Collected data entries
↓↓↓

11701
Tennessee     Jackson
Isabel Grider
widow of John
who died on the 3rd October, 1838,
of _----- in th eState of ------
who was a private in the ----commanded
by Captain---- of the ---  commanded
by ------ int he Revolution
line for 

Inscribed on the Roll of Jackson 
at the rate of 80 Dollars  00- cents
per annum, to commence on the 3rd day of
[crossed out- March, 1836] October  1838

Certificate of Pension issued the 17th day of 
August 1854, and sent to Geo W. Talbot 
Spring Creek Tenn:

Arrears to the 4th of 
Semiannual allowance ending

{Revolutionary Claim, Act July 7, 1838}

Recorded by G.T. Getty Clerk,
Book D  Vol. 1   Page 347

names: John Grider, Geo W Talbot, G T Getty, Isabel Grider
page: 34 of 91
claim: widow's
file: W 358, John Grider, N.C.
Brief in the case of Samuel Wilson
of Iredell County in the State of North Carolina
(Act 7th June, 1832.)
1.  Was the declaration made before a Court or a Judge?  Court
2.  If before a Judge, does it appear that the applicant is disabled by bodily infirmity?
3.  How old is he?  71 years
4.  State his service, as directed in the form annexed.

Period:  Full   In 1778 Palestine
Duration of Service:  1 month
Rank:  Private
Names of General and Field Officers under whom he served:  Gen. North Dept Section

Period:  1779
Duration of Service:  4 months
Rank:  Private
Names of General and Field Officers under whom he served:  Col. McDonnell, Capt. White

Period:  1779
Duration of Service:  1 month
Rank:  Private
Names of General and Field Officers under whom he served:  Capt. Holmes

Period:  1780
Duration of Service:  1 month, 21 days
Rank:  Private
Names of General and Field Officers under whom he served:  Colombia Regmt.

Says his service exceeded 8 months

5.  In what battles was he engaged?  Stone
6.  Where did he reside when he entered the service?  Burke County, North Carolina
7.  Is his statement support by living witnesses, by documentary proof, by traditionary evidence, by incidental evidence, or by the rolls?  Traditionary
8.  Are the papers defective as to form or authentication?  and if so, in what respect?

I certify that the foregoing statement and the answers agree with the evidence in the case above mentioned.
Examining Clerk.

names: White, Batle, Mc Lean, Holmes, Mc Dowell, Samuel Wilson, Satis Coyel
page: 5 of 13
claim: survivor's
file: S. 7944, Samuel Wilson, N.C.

↑↑↑

* [EXERCISE DIRECTIONS] What lines in the entries contain "commanded"? Report each one by copying it.

* [RESULT FOR THIS TASK]
who was a private in the ----commanded
by Captain---- of the ---  commanded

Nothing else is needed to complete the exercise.